You may need a visa to undertake certain adventure or eco-tourism activities like caving, potholing or entomology, especially if they involve any scientific or technological research. The Mexican authorities may define scientific or technological research activities far more broadly than other countries. If you’re in any doubt, check with the Mexican Embassy in London well in advance of your visit and ask for written confirmation if necessary.
It is no longer possible to switch immigration status in-country. You can’t enter Mexico on a tourist visa and then change it for a work visa. You must apply at the Mexican Consulate of your normal place of residence in plenty of time before you are due to travel.
Proof of accommodation and onward travel
Immigration officials at the port of entry may ask to see proof of your departure plans from Mexico before allowing you entry to the country. They can also ask to see proof of your booked accommodation, as well as funds to cover your intended stay while in Mexico.
If you have been invited to stay in someone’s home, immigration officials may also ask for a “letter of invitation” from the person you are visiting. This should include as much information as possible, including the host and traveller’s full names and contact details, address while in Mexico and reason for visit.

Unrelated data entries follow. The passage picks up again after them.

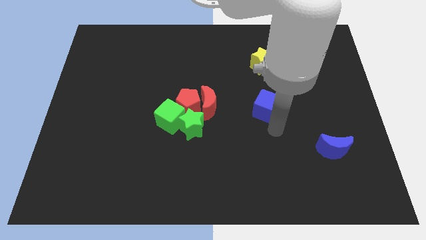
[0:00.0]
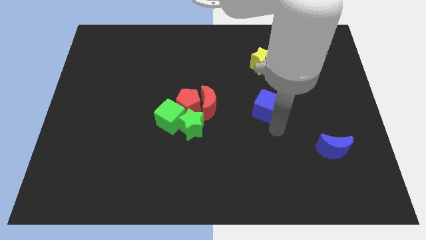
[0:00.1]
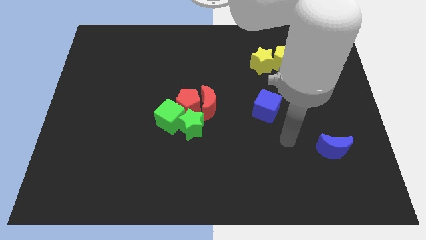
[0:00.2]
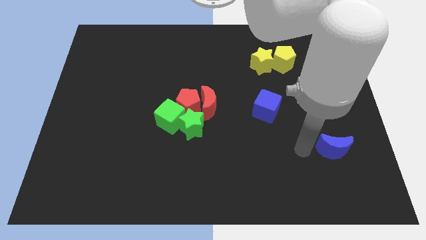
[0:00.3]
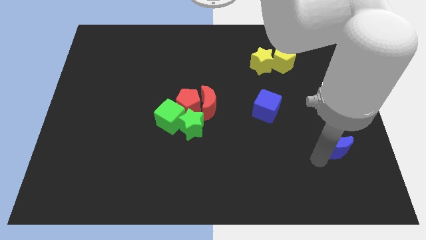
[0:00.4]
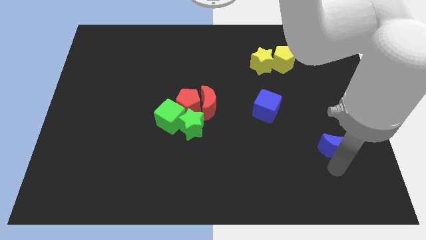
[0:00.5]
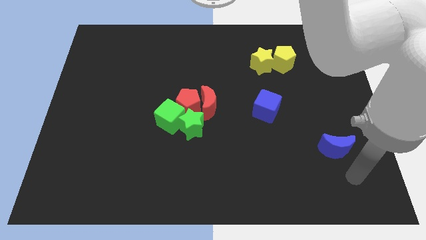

Your passport should be valid for the proposed duration of your stay in Mexico.
Customs and border control
You must fill in an online form prior to travelling to Mexico if you have any goods to declare. If you do not declare goods, these may be seized and you may be fined. For information on restricted goods and how to declare goods, you should read the guidance from the Mexican government
Travelling with children
The Mexican authorities have suspended the rules which came into effect in May 2011 requiring children under 18 years of age travelling alone, or accompanied by an adult who is not the parent or legal guardian, to apply for a special permit to leave the country. These rules now only apply to Mexican nationals or foreigners with dual Mexican nationality. The accompanying adult may, however, be asked to provide evidence of his or her relationship with the child.
Although there is currently no specific requirement for authorisation by an absent parent, single parents who are not, or who appear not to be, the child’s parent (eg if they have a different family name) may be asked to show evidence of their relationship with the child and the reason why they are travelling with the child. This evidence could include a birth or adoption certificate, divorce or marriage certificates, or a Parental Responsibility Order.
Travelling to Mexico via the US
If you’re travelling to Mexico via the US, even if you’re only transiting, check the US entry requirements with the US Embassy in London. If you don’t have the correct authorisation you will not be allowed to travel to or transit through the US.
Further information can be found on travel advice for the USA.
You may need to pay a departure tax when leaving Mexico by air or land. The cost can vary and some airports or border crossings only accept payment in cash. Most airlines include the cost within the ticket price. If in doubt, check with your airline or tour operator.
Importing meat or dairy products
You can’t bring meat or dairy products into Mexico from the EU.
UK Emergency Travel Documents
UK Emergency Travel Documents (ETDs) should be valid for a minimum period of 6 months from the date of entry into Mexico and are accepted for entry, airside transit and exit from Mexico.